REQUIREMENT: Every line of the entries with the word "path" in it should be shown.

*** DATA TO USE ***

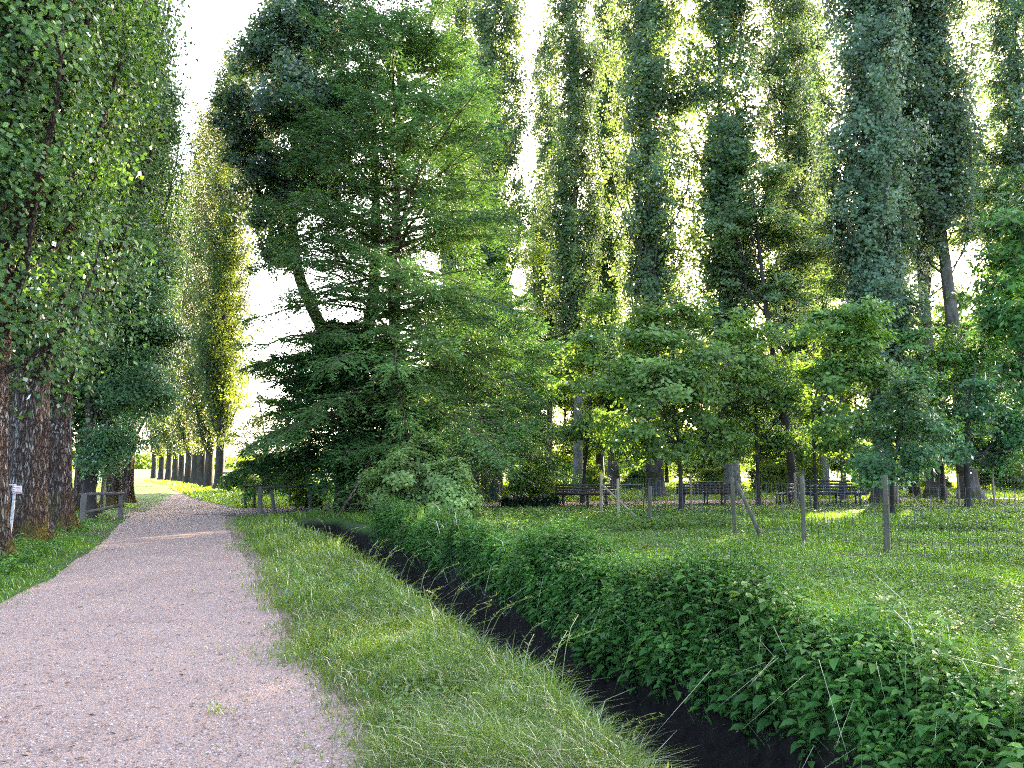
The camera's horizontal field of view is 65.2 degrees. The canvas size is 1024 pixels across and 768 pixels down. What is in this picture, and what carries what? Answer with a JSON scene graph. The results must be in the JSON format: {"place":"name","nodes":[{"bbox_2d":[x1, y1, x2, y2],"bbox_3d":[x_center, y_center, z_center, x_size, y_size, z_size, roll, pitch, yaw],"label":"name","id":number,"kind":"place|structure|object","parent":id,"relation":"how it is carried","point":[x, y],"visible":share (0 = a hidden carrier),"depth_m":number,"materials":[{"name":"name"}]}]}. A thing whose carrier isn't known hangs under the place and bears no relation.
{"place":"outdoors","nodes":[
{"label":"outdoors","id":0,"kind":"place"},
{"bbox_2d":[0,513,379,767],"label":"path","id":1,"kind":"structure","parent":0,"point":[142,534],"depth_m":6.55,"materials":[{"name":"grey gravel"}]},
{"bbox_2d":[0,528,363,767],"bbox_3d":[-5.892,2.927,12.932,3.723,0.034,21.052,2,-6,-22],"label":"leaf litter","id":2,"kind":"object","parent":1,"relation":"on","point":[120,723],"visible":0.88,"depth_m":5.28,"materials":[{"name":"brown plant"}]},
{"bbox_2d":[146,492,274,514],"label":"path","id":3,"kind":"structure","parent":0,"point":[177,501],"depth_m":33.48,"materials":[{"name":"grey gravel"}]},
{"bbox_2d":[188,510,701,767],"bbox_3d":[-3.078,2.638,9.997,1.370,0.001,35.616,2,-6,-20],"label":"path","id":4,"kind":"structure","parent":0,"point":[236,535],"depth_m":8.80,"materials":[{"name":"green plant"}]},
{"bbox_2d":[496,493,521,506],"bbox_3d":[-0.170,4.710,32.799,1.669,0.616,1.745,0,-6,0],"label":"strap leaf plant","id":5,"kind":"object","parent":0,"point":[504,501],"visible":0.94,"depth_m":32.58,"materials":[{"name":"green plant"}]},
{"bbox_2d":[0,469,1023,767],"bbox_3d":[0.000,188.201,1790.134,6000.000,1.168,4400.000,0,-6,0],"label":"ground","id":6,"kind":"structure","parent":0,"point":[720,743],"depth_m":10.03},
{"bbox_2d":[9,484,21,532],"bbox_3d":[-9.585,2.598,15.405,0.250,1.322,0.081,0,-6,0],"label":"warning sign","id":7,"kind":"object","parent":6,"relation":"on","point":[16,489],"visible":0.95,"depth_m":15.42,"materials":[{"name":"white paint"}]},
{"bbox_2d":[0,503,110,582],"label":"verge weeds","id":8,"kind":"object","parent":6,"relation":"on","point":[10,561],"visible":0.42,"depth_m":14.14,"materials":[{"name":"green plant"}]},
{"bbox_2d":[0,502,135,608],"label":"grass","id":9,"kind":"structure","parent":6,"relation":"on","point":[63,551],"depth_m":14.02,"materials":[{"name":"green plant"}]},
{"bbox_2d":[8,138,168,441],"bbox_3d":[-14.896,-10.072,25.127,5.929,28.680,5.718,-2,-6,21],"label":"poplar tree","id":10,"kind":"object","parent":6,"relation":"on","point":[11,395],"visible":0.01,"depth_m":23.77,"materials":[{"name":"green plant"}]},
{"bbox_2d":[8,0,186,542],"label":"poplar tree","id":11,"kind":"object","parent":6,"relation":"on","point":[28,455],"visible":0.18,"depth_m":16.64,"materials":[{"name":"green plant"}]},
{"bbox_2d":[0,0,198,558],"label":"poplar tree","id":12,"kind":"object","parent":6,"relation":"on","point":[34,107],"visible":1,"depth_m":13.68,"materials":[{"name":"green plant"}]},
{"bbox_2d":[78,492,126,520],"bbox_3d":[-12.148,3.692,23.751,0.223,0.970,1.544,-3,-7,25],"label":"wooden barrier","id":13,"kind":"object","parent":6,"relation":"on","point":[83,504],"visible":0.9,"depth_m":23.60,"materials":[{"name":"grey wood"}]},
{"bbox_2d":[9,0,204,531],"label":"poplar tree","id":14,"kind":"object","parent":6,"relation":"on","point":[62,512],"visible":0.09,"depth_m":19.84,"materials":[{"name":"green plant"}]},
{"bbox_2d":[72,0,190,513],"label":"poplar tree","id":15,"kind":"object","parent":6,"relation":"on","point":[78,484],"visible":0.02,"depth_m":28.23,"materials":[{"name":"green plant"}]},
{"bbox_2d":[72,72,206,517],"bbox_3d":[-12.536,-2.882,25.490,5.182,14.426,7.470,4,-7,-34],"label":"elm tree","id":16,"kind":"object","parent":6,"relation":"on","point":[136,387],"visible":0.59,"depth_m":24.67,"materials":[{"name":"green plant"}]},
{"bbox_2d":[142,411,158,478],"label":"poplar tree","id":17,"kind":"object","parent":6,"relation":"on","point":[154,469],"visible":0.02,"depth_m":104.15,"materials":[{"name":"green plant"}]},
{"bbox_2d":[98,0,203,507],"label":"poplar tree","id":18,"kind":"object","parent":6,"relation":"on","point":[115,486],"visible":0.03,"depth_m":31.06,"materials":[{"name":"green plant"}]},
{"bbox_2d":[144,414,166,479],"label":"poplar tree","id":19,"kind":"object","parent":6,"relation":"on","point":[161,459],"depth_m":97.09,"materials":[{"name":"green plant"}]},
{"bbox_2d":[122,0,205,502],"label":"poplar tree","id":20,"kind":"object","parent":6,"relation":"on","point":[128,483],"visible":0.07,"depth_m":35.05,"materials":[{"name":"green plant"}]},
{"bbox_2d":[150,231,179,480],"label":"poplar tree","id":21,"kind":"object","parent":6,"relation":"on","point":[168,468],"visible":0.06,"depth_m":91.32,"materials":[{"name":"green plant"}]},
{"bbox_2d":[158,161,192,480],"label":"poplar tree","id":22,"kind":"object","parent":6,"relation":"on","point":[175,464],"visible":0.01,"depth_m":85.30,"materials":[{"name":"green plant"}]},
{"bbox_2d":[164,171,190,481],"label":"poplar tree","id":23,"kind":"object","parent":6,"relation":"on","point":[181,468],"visible":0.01,"depth_m":80.31,"materials":[{"name":"green plant"}]},
{"bbox_2d":[165,164,197,482],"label":"poplar tree","id":24,"kind":"object","parent":6,"relation":"on","point":[188,462],"visible":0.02,"depth_m":75.52,"materials":[{"name":"green plant"}]},
{"bbox_2d":[168,98,209,483],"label":"poplar tree","id":25,"kind":"object","parent":6,"relation":"on","point":[193,479],"visible":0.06,"depth_m":71.30,"materials":[{"name":"green plant"}]},
{"bbox_2d":[166,105,250,485],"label":"poplar tree","id":26,"kind":"object","parent":6,"relation":"on","point":[201,466],"visible":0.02,"depth_m":65.79,"materials":[{"name":"green plant"}]},
{"bbox_2d":[173,81,255,487],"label":"poplar tree","id":27,"kind":"object","parent":6,"relation":"on","point":[208,448],"visible":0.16,"depth_m":60.74,"materials":[{"name":"green plant"}]},
{"bbox_2d":[182,25,272,489],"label":"poplar tree","id":28,"kind":"object","parent":6,"relation":"on","point":[221,236],"visible":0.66,"depth_m":57.27,"materials":[{"name":"green plant"}]},
{"bbox_2d":[216,465,259,491],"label":"bush","id":29,"kind":"object","parent":6,"relation":"on","point":[227,487],"visible":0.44,"depth_m":51.05,"materials":[{"name":"green plant"}]},
{"bbox_2d":[210,326,283,494],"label":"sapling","id":30,"kind":"object","parent":6,"relation":"on","point":[257,423],"visible":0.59,"depth_m":44.19,"materials":[{"name":"green plant"}]},
{"bbox_2d":[253,484,312,512],"bbox_3d":[-8.273,4.197,29.025,0.346,1.072,2.866,-3,-7,29],"label":"bridge rail","id":31,"kind":"object","parent":6,"relation":"on","point":[260,501],"visible":0.71,"depth_m":28.57,"materials":[{"name":"grey wood"}]},
{"bbox_2d":[201,0,380,505],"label":"forked tree","id":32,"kind":"object","parent":6,"relation":"on","point":[272,49],"visible":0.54,"depth_m":34.35,"materials":[{"name":"green plant"}]},
{"bbox_2d":[288,487,323,508],"bbox_3d":[-8.037,4.453,31.229,1.472,0.975,1.426,3,-7,-26],"label":"bush","id":33,"kind":"object","parent":6,"relation":"on","point":[299,500],"visible":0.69,"depth_m":30.92,"materials":[{"name":"green plant"}]},
{"bbox_2d":[225,514,408,767],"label":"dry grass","id":34,"kind":"structure","parent":6,"relation":"on","point":[323,670],"depth_m":5.69,"materials":[{"name":"green plant"}]},
{"bbox_2d":[215,318,436,512],"bbox_3d":[-6.816,1.512,31.345,9.076,8.668,8.874,5,-8,-40],"label":"cypress tree","id":35,"kind":"object","parent":6,"relation":"on","point":[267,464],"visible":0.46,"depth_m":29.48,"materials":[{"name":"green plant"}]},
{"bbox_2d":[229,0,557,516],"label":"cypress tree","id":36,"kind":"object","parent":6,"relation":"on","point":[398,139],"visible":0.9,"depth_m":29.82,"materials":[{"name":"green plant"}]},
{"bbox_2d":[72,449,753,468],"bbox_3d":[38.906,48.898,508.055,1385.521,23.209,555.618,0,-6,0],"label":"woodland","id":37,"kind":"object","parent":6,"relation":"on","point":[145,462],"visible":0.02,"depth_m":605.08,"materials":[{"name":"green plant"}]},
{"bbox_2d":[353,431,484,518],"bbox_3d":[-2.601,2.768,23.556,3.280,2.973,3.263,-6,-8,43],"label":"shrub","id":38,"kind":"object","parent":6,"relation":"on","point":[425,473],"visible":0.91,"depth_m":23.29,"materials":[{"name":"green plant"}]},
{"bbox_2d":[230,513,618,767],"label":"clover","id":39,"kind":"object","parent":6,"relation":"on","point":[366,690],"visible":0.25,"depth_m":5.25,"materials":[{"name":"green plant"}]},
{"bbox_2d":[422,0,499,464],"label":"poplar tree","id":40,"kind":"object","parent":6,"relation":"on","point":[460,22],"visible":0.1,"depth_m":54.37,"materials":[{"name":"green plant"}]},
{"bbox_2d":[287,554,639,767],"bbox_3d":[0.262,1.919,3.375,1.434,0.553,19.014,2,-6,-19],"label":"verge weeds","id":41,"kind":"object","parent":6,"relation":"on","point":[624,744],"visible":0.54,"depth_m":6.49,"materials":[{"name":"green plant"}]},
{"bbox_2d":[278,515,678,767],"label":"tall grass","id":42,"kind":"structure","parent":6,"relation":"on","point":[372,559],"depth_m":6.39,"materials":[{"name":"green plant"}]},
{"bbox_2d":[487,480,499,501],"bbox_3d":[-0.854,4.979,37.285,0.612,1.010,0.600,0,-6,0],"label":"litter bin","id":43,"kind":"object","parent":6,"relation":"on","point":[491,489],"visible":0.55,"depth_m":37.06,"materials":[{"name":"metal"}]},
{"bbox_2d":[456,0,546,494],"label":"poplar tree","id":44,"kind":"object","parent":6,"relation":"on","point":[487,19],"visible":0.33,"depth_m":48.09,"materials":[{"name":"green plant"}]},
{"bbox_2d":[418,247,592,499],"bbox_3d":[-1.295,0.095,40.185,10.858,13.742,10.337,1,-6,-11],"label":"cypress tree","id":45,"kind":"object","parent":6,"relation":"on","point":[533,459],"visible":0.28,"depth_m":39.47,"materials":[{"name":"green plant"}]},
{"bbox_2d":[478,331,554,484],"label":"broadleaf tree","id":46,"kind":"object","parent":6,"relation":"on","point":[545,441],"visible":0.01,"depth_m":57.08,"materials":[{"name":"green plant"}]},
{"bbox_2d":[500,461,560,495],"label":"bush","id":47,"kind":"object","parent":6,"relation":"on","point":[544,483],"visible":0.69,"depth_m":43.01,"materials":[{"name":"green plant"}]},
{"bbox_2d":[518,492,543,506],"bbox_3d":[0.739,4.674,32.599,1.629,0.646,1.413,-3,-7,26],"label":"strap leaf plant","id":48,"kind":"object","parent":6,"relation":"on","point":[530,501],"visible":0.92,"depth_m":32.52,"materials":[{"name":"green plant"}]},
{"bbox_2d":[514,224,561,454],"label":"poplar tree","id":49,"kind":"object","parent":6,"relation":"on","point":[525,289],"visible":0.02,"depth_m":66.86,"materials":[{"name":"green plant"}]},
{"bbox_2d":[511,211,568,450],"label":"poplar tree","id":50,"kind":"object","parent":6,"relation":"on","point":[533,261],"visible":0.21,"depth_m":59.39,"materials":[{"name":"green plant"}]},
{"bbox_2d":[521,1,566,483],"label":"poplar tree","id":51,"kind":"object","parent":6,"relation":"on","point":[546,105],"visible":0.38,"depth_m":63.78,"materials":[{"name":"green plant"}]},
{"bbox_2d":[72,480,1023,508],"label":"grass","id":52,"kind":"structure","parent":6,"relation":"on","point":[192,490],"depth_m":42.03,"materials":[{"name":"green plant"}]},
{"bbox_2d":[535,493,562,506],"bbox_3d":[1.323,4.691,32.698,1.658,0.633,1.778,2,-6,-18],"label":"strap leaf plant","id":53,"kind":"object","parent":6,"relation":"on","point":[546,501],"visible":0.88,"depth_m":32.46,"materials":[{"name":"green plant"}]},
{"bbox_2d":[530,374,599,483],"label":"broadleaf tree","id":54,"kind":"object","parent":6,"relation":"on","point":[566,456],"visible":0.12,"depth_m":70.86,"materials":[{"name":"green plant"}]},
{"bbox_2d":[526,0,617,489],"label":"poplar tree","id":55,"kind":"object","parent":6,"relation":"on","point":[574,254],"visible":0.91,"depth_m":50.94,"materials":[{"name":"green plant"}]},
{"bbox_2d":[555,484,614,504],"bbox_3d":[3.099,4.741,34.147,2.550,0.933,0.591,0,-6,-2],"label":"park bench","id":56,"kind":"object","parent":6,"relation":"on","point":[587,493],"visible":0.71,"depth_m":33.90,"materials":[{"name":"brown wood"}]},
{"bbox_2d":[567,464,611,489],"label":"bush","id":57,"kind":"object","parent":6,"relation":"on","point":[593,473],"visible":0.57,"depth_m":50.99,"materials":[{"name":"green plant"}]},
{"bbox_2d":[567,214,619,476],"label":"poplar tree","id":58,"kind":"object","parent":6,"relation":"on","point":[600,459],"visible":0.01,"depth_m":71.43,"materials":[{"name":"green plant"}]},
{"bbox_2d":[548,288,646,502],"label":"maple tree","id":59,"kind":"object","parent":6,"relation":"on","point":[582,358],"visible":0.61,"depth_m":36.09,"materials":[{"name":"green plant"}]},
{"bbox_2d":[561,318,645,464],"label":"broadleaf tree","id":60,"kind":"object","parent":6,"relation":"on","point":[572,411],"visible":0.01,"depth_m":64.22,"materials":[{"name":"green plant"}]},
{"bbox_2d":[581,0,636,489],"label":"poplar tree","id":61,"kind":"object","parent":6,"relation":"on","point":[608,244],"visible":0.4,"depth_m":57.08,"materials":[{"name":"green plant"}]},
{"bbox_2d":[616,464,645,490],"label":"bush","id":62,"kind":"object","parent":6,"relation":"on","point":[634,473],"visible":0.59,"depth_m":52.98,"materials":[{"name":"green plant"}]},
{"bbox_2d":[584,0,720,498],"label":"poplar tree","id":63,"kind":"object","parent":6,"relation":"on","point":[652,235],"visible":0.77,"depth_m":41.53,"materials":[{"name":"green plant"}]},
{"bbox_2d":[296,502,1023,716],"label":"grass","id":64,"kind":"structure","parent":6,"relation":"on","point":[977,569],"depth_m":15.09,"materials":[{"name":"green plant"}]},
{"bbox_2d":[625,403,694,482],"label":"broadleaf tree","id":65,"kind":"object","parent":6,"relation":"on","point":[667,472],"depth_m":77.44,"materials":[{"name":"green plant"}]},
{"bbox_2d":[554,297,793,510],"bbox_3d":[6.327,0.762,29.915,8.710,8.076,5.801,4,-7,-35],"label":"ash tree","id":66,"kind":"object","parent":6,"relation":"on","point":[689,384],"visible":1,"depth_m":29.39,"materials":[{"name":"green plant"}]},
{"bbox_2d":[365,519,995,767],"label":"bank grass","id":67,"kind":"structure","parent":6,"relation":"on","point":[453,553],"depth_m":7.48,"materials":[{"name":"green plant"}]},
{"bbox_2d":[364,493,1023,767],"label":"nettles","id":68,"kind":"object","parent":6,"relation":"on","point":[538,559],"visible":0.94,"depth_m":6.39,"materials":[{"name":"green plant"}]},
{"bbox_2d":[370,505,1023,532],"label":"tall weeds","id":69,"kind":"object","parent":6,"relation":"on","point":[935,521],"visible":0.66,"depth_m":22.33,"materials":[{"name":"green plant"}]},
{"bbox_2d":[674,484,730,503],"bbox_3d":[8.438,4.865,35.341,2.500,0.933,0.591,0,-6,-3],"label":"park bench","id":70,"kind":"object","parent":6,"relation":"on","point":[703,491],"visible":0.67,"depth_m":35.10,"materials":[{"name":"brown wood"}]},
{"bbox_2d":[385,499,1023,761],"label":"tall weeds","id":71,"kind":"object","parent":6,"relation":"on","point":[933,674],"visible":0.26,"depth_m":4.97,"materials":[{"name":"green plant"}]},
{"bbox_2d":[663,334,770,483],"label":"broadleaf tree","id":72,"kind":"object","parent":6,"relation":"on","point":[709,460],"visible":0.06,"depth_m":56.81,"materials":[{"name":"green plant"}]},
{"bbox_2d":[694,464,744,489],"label":"bush","id":73,"kind":"object","parent":6,"relation":"on","point":[707,474],"visible":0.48,"depth_m":49.25,"materials":[{"name":"green plant"}]},
{"bbox_2d":[661,0,797,498],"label":"poplar tree","id":74,"kind":"object","parent":6,"relation":"on","point":[719,23],"visible":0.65,"depth_m":41.59,"materials":[{"name":"green plant"}]},
{"bbox_2d":[503,428,989,476],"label":"woodland","id":75,"kind":"object","parent":6,"relation":"on","point":[744,469],"visible":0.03,"depth_m":135.36,"materials":[{"name":"green plant"}]},
{"bbox_2d":[693,349,814,505],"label":"ash tree","id":76,"kind":"object","parent":6,"relation":"on","point":[773,439],"visible":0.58,"depth_m":33.75,"materials":[{"name":"green plant"}]},
{"bbox_2d":[739,345,786,468],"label":"broadleaf tree","id":77,"kind":"object","parent":6,"relation":"on","point":[766,351],"visible":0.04,"depth_m":61.61,"materials":[{"name":"green plant"}]},
{"bbox_2d":[695,149,834,500],"bbox_3d":[12.366,-3.164,38.702,6.481,17.726,6.233,-2,-6,21],"label":"ash tree","id":78,"kind":"object","parent":6,"relation":"on","point":[737,221],"visible":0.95,"depth_m":38.63,"materials":[{"name":"green plant"}]},
{"bbox_2d":[744,458,801,493],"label":"bush","id":79,"kind":"object","parent":6,"relation":"on","point":[773,472],"visible":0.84,"depth_m":47.97,"materials":[{"name":"green plant"}]},
{"bbox_2d":[746,372,829,488],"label":"broadleaf tree","id":80,"kind":"object","parent":6,"relation":"on","point":[807,467],"visible":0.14,"depth_m":51.23,"materials":[{"name":"green plant"}]},
{"bbox_2d":[744,0,832,491],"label":"poplar tree","id":81,"kind":"object","parent":6,"relation":"on","point":[787,144],"visible":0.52,"depth_m":51.34,"materials":[{"name":"green plant"}]},
{"bbox_2d":[772,0,842,488],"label":"poplar tree","id":82,"kind":"object","parent":6,"relation":"on","point":[819,79],"visible":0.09,"depth_m":58.67,"materials":[{"name":"green plant"}]},
{"bbox_2d":[600,472,1023,518],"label":"wire fence","id":83,"kind":"object","parent":6,"relation":"on","point":[616,497],"visible":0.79,"depth_m":31.94,"materials":[{"name":"grey metal"}]},
{"bbox_2d":[771,332,871,485],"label":"broadleaf tree","id":84,"kind":"object","parent":6,"relation":"on","point":[835,466],"visible":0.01,"depth_m":59.39,"materials":[{"name":"green plant"}]},
{"bbox_2d":[648,475,1023,562],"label":"wire fence","id":85,"kind":"object","parent":6,"relation":"on","point":[886,523],"visible":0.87,"depth_m":16.60,"materials":[{"name":"grey metal"}]},
{"bbox_2d":[805,480,868,504],"bbox_3d":[14.030,4.723,34.744,2.750,1.093,0.609,0,-6,0],"label":"park bench","id":86,"kind":"object","parent":6,"relation":"on","point":[840,492],"visible":0.6,"depth_m":34.50,"materials":[{"name":"brown wood"}]},
{"bbox_2d":[775,294,919,508],"bbox_3d":[12.893,0.811,30.991,5.720,8.200,5.601,0,-6,0],"label":"maple tree","id":87,"kind":"object","parent":6,"relation":"on","point":[829,375],"visible":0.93,"depth_m":30.50,"materials":[{"name":"green plant"}]},
{"bbox_2d":[760,214,957,499],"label":"ash tree","id":88,"kind":"object","parent":6,"relation":"on","point":[834,283],"visible":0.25,"depth_m":40.11,"materials":[{"name":"green plant"}]},
{"bbox_2d":[798,0,943,502],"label":"poplar tree","id":89,"kind":"object","parent":6,"relation":"on","point":[868,173],"visible":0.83,"depth_m":37.28,"materials":[{"name":"green plant"}]},
{"bbox_2d":[829,365,974,513],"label":"ash tree","id":90,"kind":"object","parent":6,"relation":"on","point":[917,458],"visible":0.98,"depth_m":27.36,"materials":[{"name":"green plant"}]},
{"bbox_2d":[806,102,1021,496],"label":"ash tree","id":91,"kind":"object","parent":6,"relation":"on","point":[940,320],"visible":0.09,"depth_m":44.60,"materials":[{"name":"green plant"}]},
{"bbox_2d":[874,0,985,497],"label":"poplar tree","id":92,"kind":"object","parent":6,"relation":"on","point":[931,482],"visible":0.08,"depth_m":43.15,"materials":[{"name":"green plant"}]},
{"bbox_2d":[871,321,1001,501],"bbox_3d":[19.971,1.312,37.448,6.768,8.542,4.471,2,-6,-14],"label":"ash tree","id":93,"kind":"object","parent":6,"relation":"on","point":[942,357],"visible":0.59,"depth_m":37.14,"materials":[{"name":"green plant"}]},
{"bbox_2d":[868,0,1013,498],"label":"poplar tree","id":94,"kind":"object","parent":6,"relation":"on","point":[958,142],"visible":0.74,"depth_m":41.44,"materials":[{"name":"green plant"}]},
{"bbox_2d":[916,368,1023,506],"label":"ash tree","id":95,"kind":"object","parent":6,"relation":"on","point":[1006,439],"visible":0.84,"depth_m":33.02,"materials":[{"name":"green plant"}]},
{"bbox_2d":[936,318,1023,476],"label":"broadleaf tree","id":96,"kind":"object","parent":6,"relation":"on","point":[953,470],"visible":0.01,"depth_m":61.83,"materials":[{"name":"green plant"}]},
{"bbox_2d":[946,166,1023,419],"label":"walnut tree","id":97,"kind":"object","parent":6,"relation":"on","point":[1004,318],"visible":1,"depth_m":18.96,"materials":[{"name":"green plant"}]},
{"bbox_2d":[951,261,1023,426],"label":"ash tree","id":98,"kind":"object","parent":6,"relation":"on","point":[991,362],"visible":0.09,"depth_m":36.07,"materials":[{"name":"green plant"}]},
{"bbox_2d":[955,0,1023,402],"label":"poplar tree","id":99,"kind":"object","parent":6,"relation":"on","point":[1005,83],"visible":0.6,"depth_m":45.49,"materials":[{"name":"green plant"}]},
{"bbox_2d":[977,459,1023,490],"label":"bush","id":100,"kind":"object","parent":6,"relation":"on","point":[987,481],"visible":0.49,"depth_m":52.57,"materials":[{"name":"green plant"}]},
{"bbox_2d":[384,574,682,767],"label":"water","id":101,"kind":"structure","parent":0,"point":[615,727],"depth_m":7.50,"materials":[{"name":"black liquid"}]},
{"bbox_2d":[73,0,1023,457],"label":"sky","id":102,"kind":"structure","parent":0,"point":[228,15],"materials":[{"name":"white"}]},
{"bbox_2d":[123,498,1023,515],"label":"path","id":103,"kind":"structure","parent":0,"point":[243,510],"depth_m":30.93,"materials":[{"name":"grey gravel"}]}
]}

*** End of DATA TO USE ***

YOUR SOLUTION:
{"bbox_2d":[0,513,379,767],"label":"path","id":1,"kind":"structure","parent":0,"point":[142,534],"depth_m":6.55,"materials":[{"name":"grey gravel"}]},
{"bbox_2d":[146,492,274,514],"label":"path","id":3,"kind":"structure","parent":0,"point":[177,501],"depth_m":33.48,"materials":[{"name":"grey gravel"}]},
{"bbox_2d":[188,510,701,767],"bbox_3d":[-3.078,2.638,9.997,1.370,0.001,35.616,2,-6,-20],"label":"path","id":4,"kind":"structure","parent":0,"point":[236,535],"depth_m":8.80,"materials":[{"name":"green plant"}]},
{"bbox_2d":[123,498,1023,515],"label":"path","id":103,"kind":"structure","parent":0,"point":[243,510],"depth_m":30.93,"materials":[{"name":"grey gravel"}]}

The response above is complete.